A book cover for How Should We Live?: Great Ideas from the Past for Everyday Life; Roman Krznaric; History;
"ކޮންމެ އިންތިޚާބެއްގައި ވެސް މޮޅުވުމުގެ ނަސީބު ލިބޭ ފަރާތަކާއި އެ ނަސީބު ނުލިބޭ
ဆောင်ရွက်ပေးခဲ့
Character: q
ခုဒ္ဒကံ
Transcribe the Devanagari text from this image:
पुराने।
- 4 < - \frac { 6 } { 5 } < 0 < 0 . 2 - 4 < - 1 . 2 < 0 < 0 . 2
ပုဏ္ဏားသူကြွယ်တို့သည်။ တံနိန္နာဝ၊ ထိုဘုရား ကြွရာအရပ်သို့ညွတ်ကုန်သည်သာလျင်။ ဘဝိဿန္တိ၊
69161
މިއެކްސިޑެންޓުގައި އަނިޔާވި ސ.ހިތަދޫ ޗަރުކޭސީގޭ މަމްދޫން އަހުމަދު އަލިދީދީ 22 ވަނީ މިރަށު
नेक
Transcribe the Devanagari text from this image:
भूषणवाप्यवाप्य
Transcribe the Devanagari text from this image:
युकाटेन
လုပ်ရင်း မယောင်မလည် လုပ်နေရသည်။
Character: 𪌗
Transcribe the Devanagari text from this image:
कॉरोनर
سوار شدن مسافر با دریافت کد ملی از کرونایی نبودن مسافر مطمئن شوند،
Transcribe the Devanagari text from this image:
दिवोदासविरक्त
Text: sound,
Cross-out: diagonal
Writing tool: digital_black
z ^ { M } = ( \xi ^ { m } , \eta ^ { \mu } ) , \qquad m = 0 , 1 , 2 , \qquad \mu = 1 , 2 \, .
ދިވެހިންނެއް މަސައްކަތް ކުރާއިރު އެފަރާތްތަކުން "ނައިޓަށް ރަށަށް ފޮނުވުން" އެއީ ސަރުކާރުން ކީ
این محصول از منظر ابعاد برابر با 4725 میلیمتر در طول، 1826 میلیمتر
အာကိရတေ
* * *
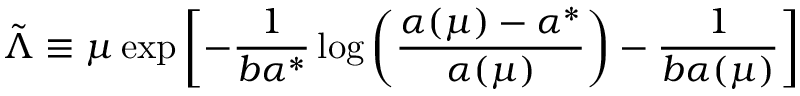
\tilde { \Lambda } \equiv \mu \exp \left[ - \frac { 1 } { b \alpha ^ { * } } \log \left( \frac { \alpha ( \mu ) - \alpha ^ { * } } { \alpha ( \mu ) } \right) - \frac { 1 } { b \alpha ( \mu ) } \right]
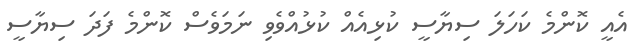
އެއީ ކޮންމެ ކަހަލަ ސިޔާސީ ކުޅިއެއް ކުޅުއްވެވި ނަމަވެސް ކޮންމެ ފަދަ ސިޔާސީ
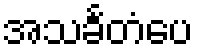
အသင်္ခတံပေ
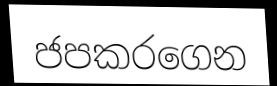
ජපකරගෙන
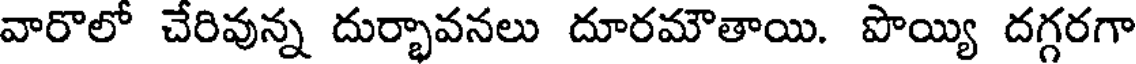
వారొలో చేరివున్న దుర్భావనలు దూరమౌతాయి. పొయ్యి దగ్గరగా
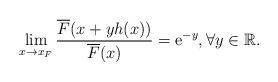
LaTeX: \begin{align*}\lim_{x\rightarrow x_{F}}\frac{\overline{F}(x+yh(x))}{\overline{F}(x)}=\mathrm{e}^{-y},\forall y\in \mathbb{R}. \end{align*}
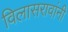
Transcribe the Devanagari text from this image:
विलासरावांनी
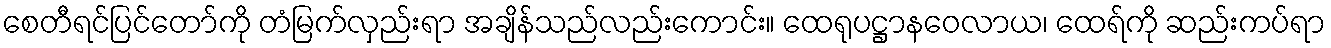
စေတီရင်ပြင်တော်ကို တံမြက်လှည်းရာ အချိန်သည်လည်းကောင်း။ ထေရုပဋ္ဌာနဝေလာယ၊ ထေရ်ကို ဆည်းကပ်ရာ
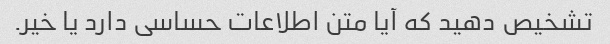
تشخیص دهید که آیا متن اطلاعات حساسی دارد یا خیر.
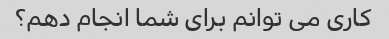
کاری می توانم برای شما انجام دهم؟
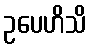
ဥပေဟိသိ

* Problem requirements
Write out only the lines that run from the line containing "A book cover" through the line containing "Character: 𪌗", both included, exactly as they appear above.

* Answer for the task
A book cover for How Should We Live?: Great Ideas from the Past for Everyday Life; Roman Krznaric; History;
"ކޮންމެ އިންތިޚާބެއްގައި ވެސް މޮޅުވުމުގެ ނަސީބު ލިބޭ ފަރާތަކާއި އެ ނަސީބު ނުލިބޭ
ဆောင်ရွက်ပေးခဲ့
Character: q
ခုဒ္ဒကံ
Transcribe the Devanagari text from this image:
पुराने।
- 4 < - \frac { 6 } { 5 } < 0 < 0 . 2 - 4 < - 1 . 2 < 0 < 0 . 2
ပုဏ္ဏားသူကြွယ်တို့သည်။ တံနိန္နာဝ၊ ထိုဘုရား ကြွရာအရပ်သို့ညွတ်ကုန်သည်သာလျင်။ ဘဝိဿန္တိ၊
69161
މިއެކްސިޑެންޓުގައި އަނިޔާވި ސ.ހިތަދޫ ޗަރުކޭސީގޭ މަމްދޫން އަހުމަދު އަލިދީދީ 22 ވަނީ މިރަށު
नेक
Transcribe the Devanagari text from this image:
भूषणवाप्यवाप्य
Transcribe the Devanagari text from this image:
युकाटेन
လုပ်ရင်း မယောင်မလည် လုပ်နေရသည်။
Character: 𪌗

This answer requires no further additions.